For a team-owned skill registry, I would start small.

Every skill change comes in through a pull request. CI scans only the changed skill directories. A static scanner runs first because it is cheap and deterministic. If the score is high, the PR fails. If it is medium, the PR needs a human to accept or fix the finding. For anything with scripts, network calls, external setup docs, or MCP tools, add a second review pass.

The rule I would care about most is not "the scanner says safe." It is: no new skill gets broad tool access without a clear reason.

That is where agent systems get sloppy. We install a tiny skill, but it inherits a giant context: filesystem, shell, secrets in the environment, browser sessions, repo history, previous conversation, maybe deployment credentials. The skill itself may be small. The authority it receives is not.

A scanner can tell you the package looks suspicious. It cannot make an overpowered runtime safe.

The boring answer is the right one

AI agent skills are useful. I use this pattern because it keeps procedures out of my head and closer to the tools that need them.

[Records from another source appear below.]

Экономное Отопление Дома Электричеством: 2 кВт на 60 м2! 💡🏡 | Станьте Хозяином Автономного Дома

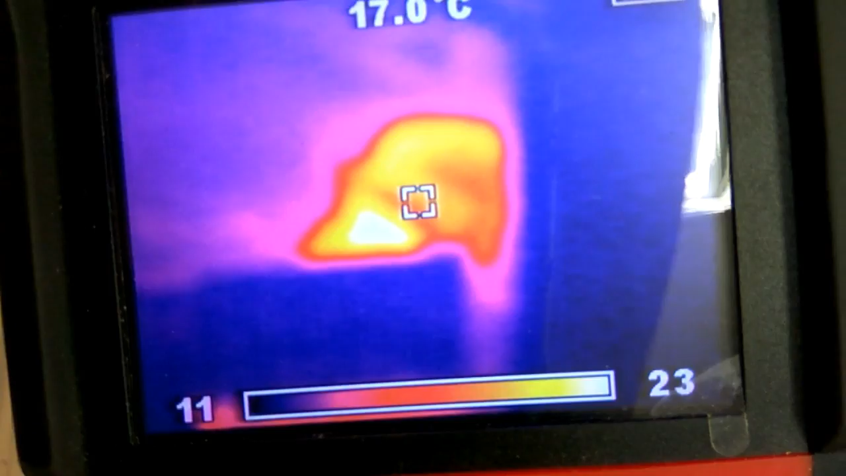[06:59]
On screen: spot 17.0°C
В верхней части воздуховода есть 23 градуса.
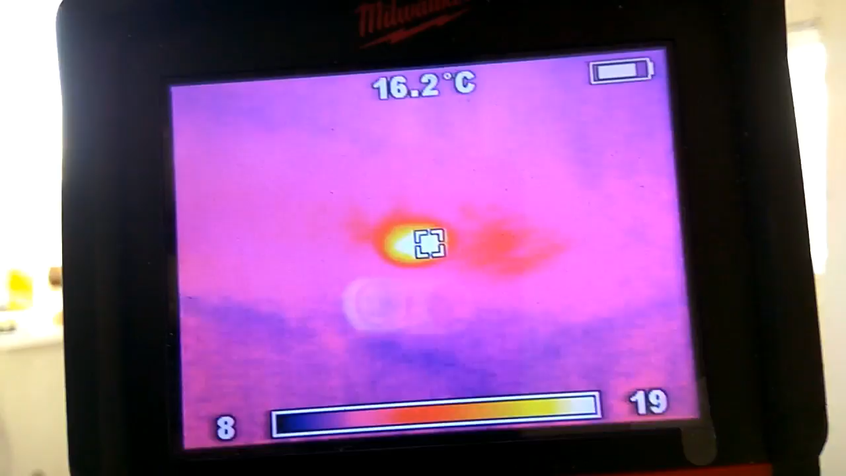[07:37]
On screen: spot 16.2°C
В кухне появилось пятно красное. Это у нас как раз выход теплого воздуха из воздуховода.
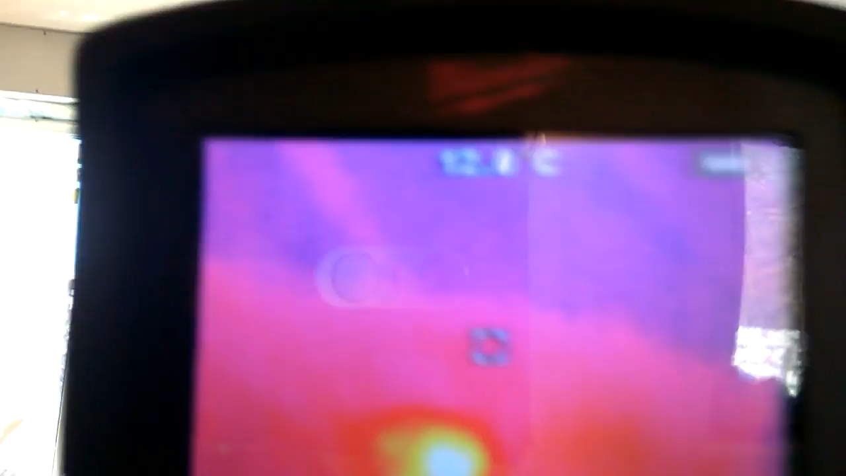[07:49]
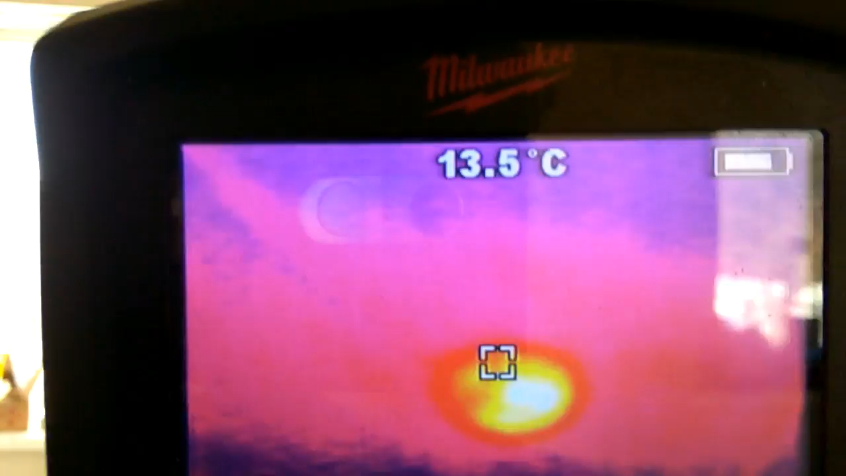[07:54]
On screen: spot 13.5°C
Пока температура в воздуховоде 16 градусов. Все холодное.
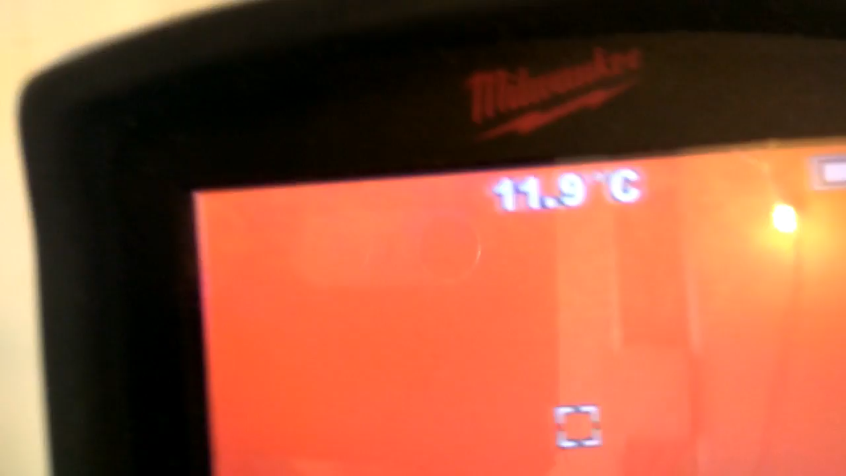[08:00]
Пока прогреется.
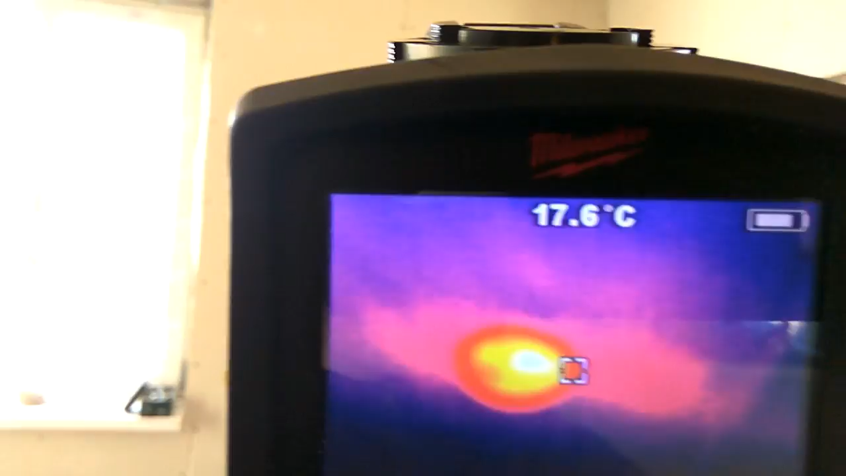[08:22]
On screen: spot 17.6°C
Из него температура уже 23 градуса.
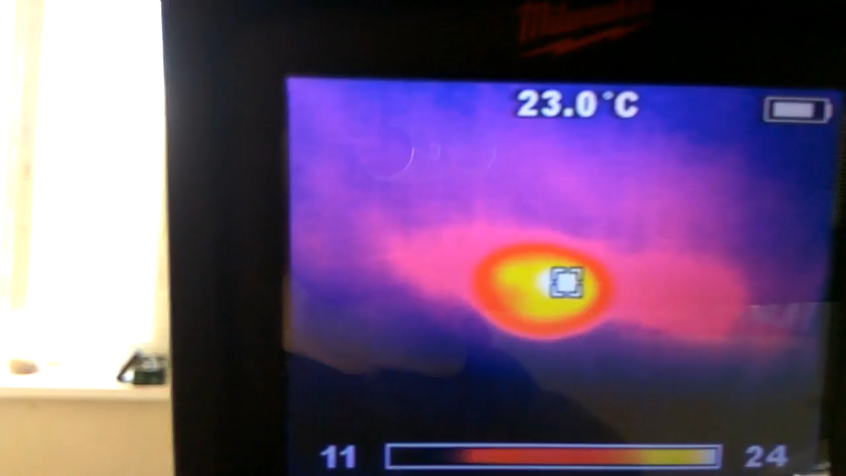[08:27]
On screen: spot 23.0°C
Воздуховод в кабинете дает нам 20 градусов.
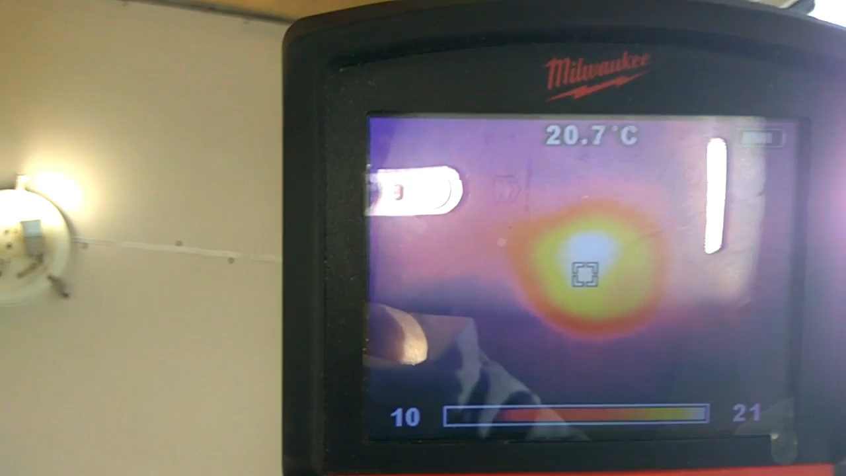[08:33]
On screen: spot 20.7°C
21.
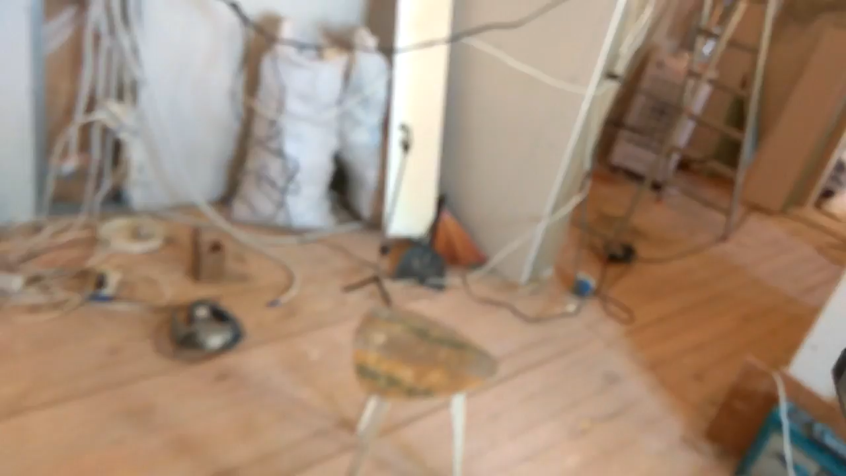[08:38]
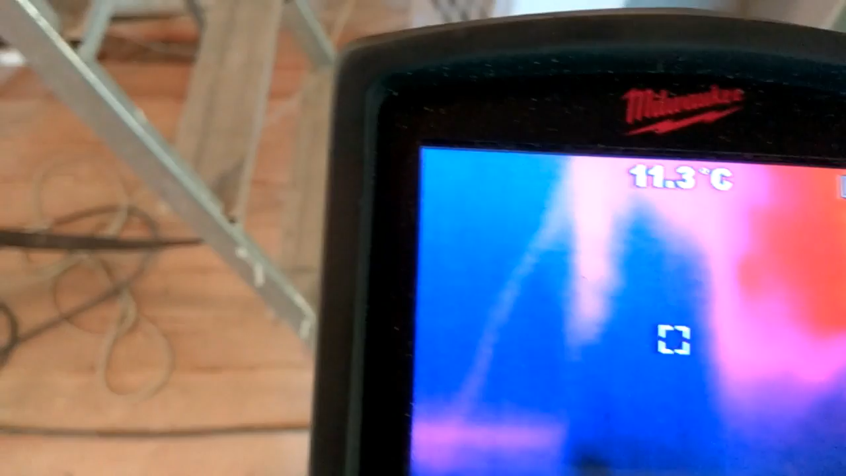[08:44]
On screen: spot 11.3°C
Наша установка, которая забирает воздух снизу.
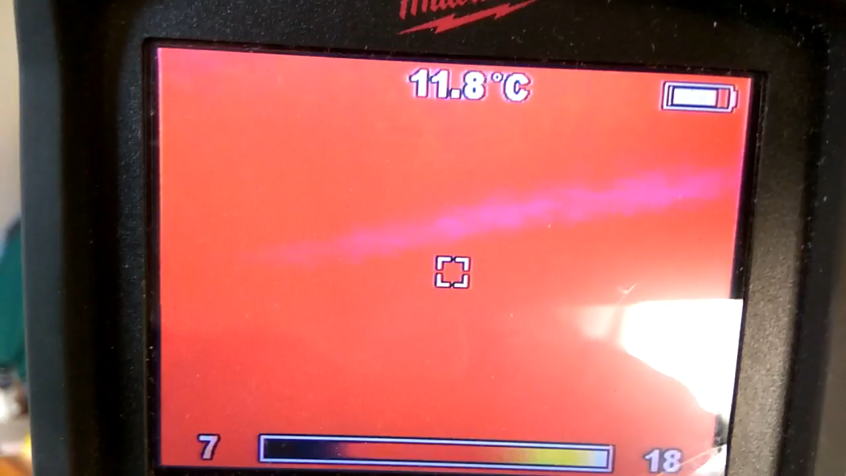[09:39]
On screen: spot 11.8°C
Подождем пару часов. И посмотрим, что получилось. Прошло еще два часа. Посмотрим, как изменилась ситуация в комнатах.
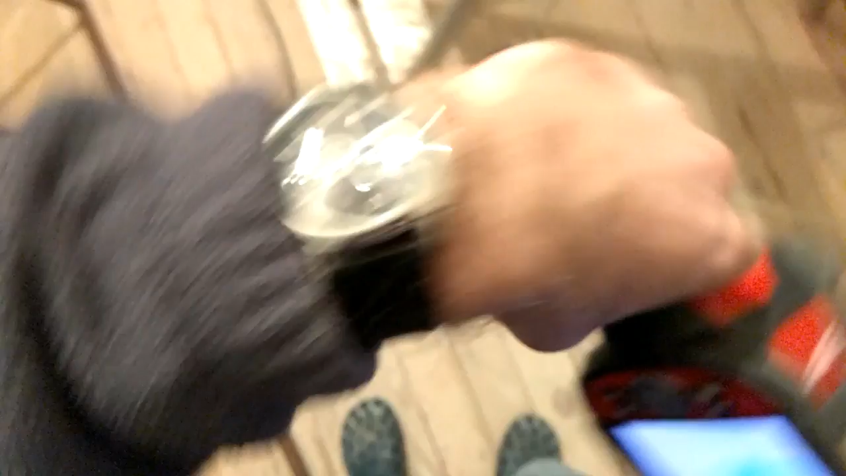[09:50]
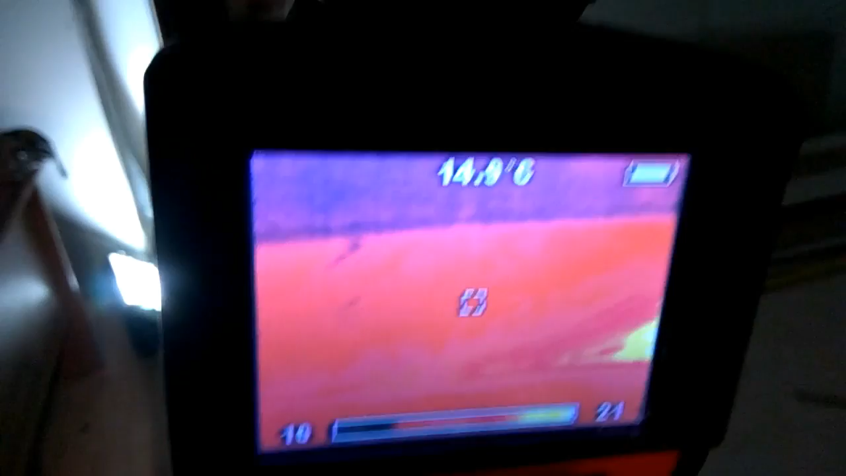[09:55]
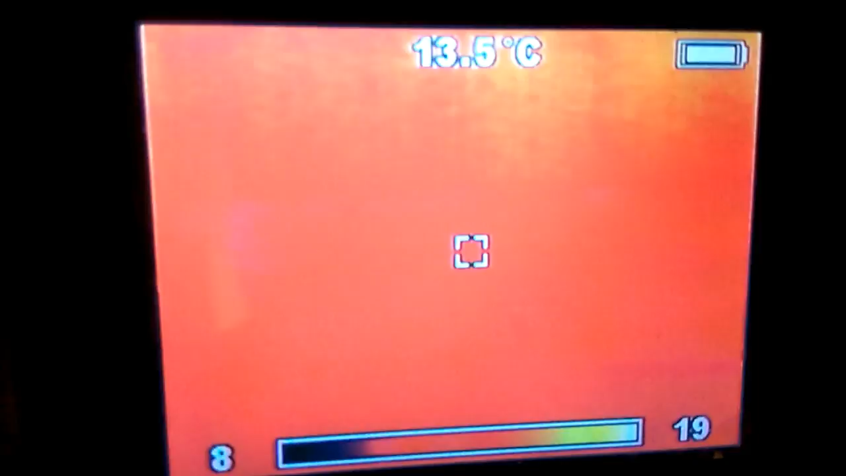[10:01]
On screen: spot 13.5°C
Температура на ближайшей стене 13,3 градуса.

But the convenience is exactly why the risk is easy to miss. Markdown feels harmless. A marketplace with stars feels vetted. A passing scanner feels final.

None of those are trust.

The next agent supply-chain incident probably will not look like a dramatic exploit. It will look like a helpful setup note, a renamed package, a link to documentation, or a skill that asks for "temporary" access to more than it needs.

Treat it like code before it gets to act like code.

Where do you draw the line today: scanner pass, human review, sandbox-only, or no third-party skills at all?